On Mon, Sep 30, 2024 at 06:41:44PM +0200, Christoph Hellwig wrote:
> Primary superblock buffers that change the file system geometry after a
> growfs operation can affect the operation of later CIL checkpoints that
> make use of the newly added space and allocation groups.
> 
> Apply the changes to the in-memory structures as part of recovery pass 2,
> to ensure recovery works fine for such cases.
> 
> In the future we should apply the logic to other updates such as features
> bits as well.
> 
> Signed-off-by: Christoph Hellwig <hch@lst.de>
> ---
>  fs/xfs/libxfs/xfs_log_recover.h |  2 ++
>  fs/xfs/xfs_buf_item_recover.c   | 27 +++++++++++++++++++++++++++
>  fs/xfs/xfs_log_recover.c        | 27 +++++++++++++++++++--------
>  3 files changed, 48 insertions(+), 8 deletions(-)
> 
> diff --git a/fs/xfs/libxfs/xfs_log_recover.h b/fs/xfs/libxfs/xfs_log_recover.h
> index 521d327e4c89ed..d0e13c84422d0a 100644
> --- a/fs/xfs/libxfs/xfs_log_recover.h
> +++ b/fs/xfs/libxfs/xfs_log_recover.h
> @@ -165,4 +165,6 @@ void xlog_recover_intent_item(struct xlog *log, struct xfs_log_item *lip,
>  int xlog_recover_finish_intent(struct xfs_trans *tp,
>  		struct xfs_defer_pending *dfp);
>  
> +int xlog_recover_update_agcount(struct xfs_mount *mp, struct xfs_dsb *dsb);
> +
>  #endif	/* __XFS_LOG_RECOVER_H__ */
> diff --git a/fs/xfs/xfs_buf_item_recover.c b/fs/xfs/xfs_buf_item_recover.c
> index 09e893cf563cb9..08c129022304a8 100644
> --- a/fs/xfs/xfs_buf_item_recover.c
> +++ b/fs/xfs/xfs_buf_item_recover.c
> @@ -684,6 +684,28 @@ xlog_recover_do_inode_buffer(
>  	return 0;
>  }
>  
> +static int
> +xlog_recover_do_sb_buffer(
> +	struct xfs_mount		*mp,
> +	struct xlog_recover_item	*item,
> +	struct xfs_buf			*bp,
> +	struct xfs_buf_log_format	*buf_f,
> +	xfs_lsn_t			current_lsn)
> +{
> +	xlog_recover_do_reg_buffer(mp, item, bp, buf_f, current_lsn);
> +
> +	/*
> +	 * Update the in-memory superblock and perag structures from the
> +	 * primary SB buffer.
> +	 *
> +	 * This is required because transactions running after growfs may require
> +	 * the updated values to be set in a previous fully commit transaction.
> +	 */
> +	if (xfs_buf_daddr(bp) != 0)
> +		return 0;
> +	return xlog_recover_update_agcount(mp, bp->b_addr);
> +}
> +
>  /*
>   * V5 filesystems know the age of the buffer on disk being recovered.

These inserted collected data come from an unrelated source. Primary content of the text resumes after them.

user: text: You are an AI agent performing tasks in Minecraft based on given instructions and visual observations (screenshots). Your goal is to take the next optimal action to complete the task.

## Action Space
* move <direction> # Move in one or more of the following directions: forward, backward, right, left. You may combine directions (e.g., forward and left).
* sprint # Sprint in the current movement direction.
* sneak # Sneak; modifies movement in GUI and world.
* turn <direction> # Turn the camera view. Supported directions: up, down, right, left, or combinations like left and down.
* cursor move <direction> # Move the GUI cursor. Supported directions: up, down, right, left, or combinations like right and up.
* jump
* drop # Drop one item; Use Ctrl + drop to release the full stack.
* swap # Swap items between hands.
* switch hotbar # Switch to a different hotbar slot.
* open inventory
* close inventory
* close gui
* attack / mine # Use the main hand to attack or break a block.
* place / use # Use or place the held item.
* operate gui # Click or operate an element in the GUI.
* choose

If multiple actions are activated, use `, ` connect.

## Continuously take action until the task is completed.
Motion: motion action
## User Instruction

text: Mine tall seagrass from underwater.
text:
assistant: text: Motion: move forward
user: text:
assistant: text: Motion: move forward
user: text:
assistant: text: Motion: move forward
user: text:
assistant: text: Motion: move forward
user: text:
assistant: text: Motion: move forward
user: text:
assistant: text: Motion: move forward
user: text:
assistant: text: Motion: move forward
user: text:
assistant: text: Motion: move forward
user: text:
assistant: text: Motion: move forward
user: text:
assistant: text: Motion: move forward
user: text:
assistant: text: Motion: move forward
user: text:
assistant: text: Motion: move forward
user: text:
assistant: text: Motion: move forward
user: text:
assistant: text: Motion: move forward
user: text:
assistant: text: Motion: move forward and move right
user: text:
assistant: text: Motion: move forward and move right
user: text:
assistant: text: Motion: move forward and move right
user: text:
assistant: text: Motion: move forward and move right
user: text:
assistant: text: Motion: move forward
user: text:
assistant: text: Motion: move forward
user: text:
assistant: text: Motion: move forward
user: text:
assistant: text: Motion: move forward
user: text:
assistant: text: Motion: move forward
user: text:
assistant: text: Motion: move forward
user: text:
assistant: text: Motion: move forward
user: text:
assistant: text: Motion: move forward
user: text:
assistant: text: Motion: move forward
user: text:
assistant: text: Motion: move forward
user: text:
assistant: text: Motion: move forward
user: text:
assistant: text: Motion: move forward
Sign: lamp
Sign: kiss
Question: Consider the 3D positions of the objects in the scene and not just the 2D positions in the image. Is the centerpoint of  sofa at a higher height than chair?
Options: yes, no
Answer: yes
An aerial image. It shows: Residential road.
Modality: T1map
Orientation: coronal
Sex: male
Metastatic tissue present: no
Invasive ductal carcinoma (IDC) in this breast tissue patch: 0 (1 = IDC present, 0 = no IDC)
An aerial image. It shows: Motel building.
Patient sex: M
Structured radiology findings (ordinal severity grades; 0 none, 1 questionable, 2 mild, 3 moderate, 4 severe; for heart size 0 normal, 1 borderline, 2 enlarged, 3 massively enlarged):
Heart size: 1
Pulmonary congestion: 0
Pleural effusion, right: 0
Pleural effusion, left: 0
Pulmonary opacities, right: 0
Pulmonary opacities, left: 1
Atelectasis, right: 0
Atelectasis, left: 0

We can
>   * have newer objects on disk than we are replaying, and so for these cases we
> @@ -967,6 +989,11 @@ xlog_recover_buf_commit_pass2(
>  		dirty = xlog_recover_do_dquot_buffer(mp, log, item, bp, buf_f);
>  		if (!dirty)
>  			goto out_release;
> +	} else if (xfs_blft_from_flags(buf_f) & XFS_BLFT_SB_BUF) {
> +		error = xlog_recover_do_sb_buffer(mp, item, bp, buf_f,
> +				current_lsn);
> +		if (error)
> +			goto out_release;
>  	} else {
>  		xlog_recover_do_reg_buffer(mp, item, bp, buf_f, current_lsn);
>  	}
> diff --git a/fs/xfs/xfs_log_recover.c b/fs/xfs/xfs_log_recover.c
> index 6a165ca55da1a8..03701409c7dcd6 100644
> --- a/fs/xfs/xfs_log_recover.c
> +++ b/fs/xfs/xfs_log_recover.c
> @@ -3334,6 +3334,25 @@ xlog_do_log_recovery(
>  	return error;
>  }
>  
> +int
> +xlog_recover_update_agcount(
> +	struct xfs_mount		*mp,
> +	struct xfs_dsb			*dsb)
> +{
> +	xfs_agnumber_t			old_agcount = mp->m_sb.sb_agcount;
> +	int				error;
> +
> +	xfs_sb_from_disk(&mp->m_sb, dsb);

If I'm understanding this correctly, the incore superblock gets updated
every time recovery finds a logged primary superblock buffer now,
instead of once at the end of log recovery, right?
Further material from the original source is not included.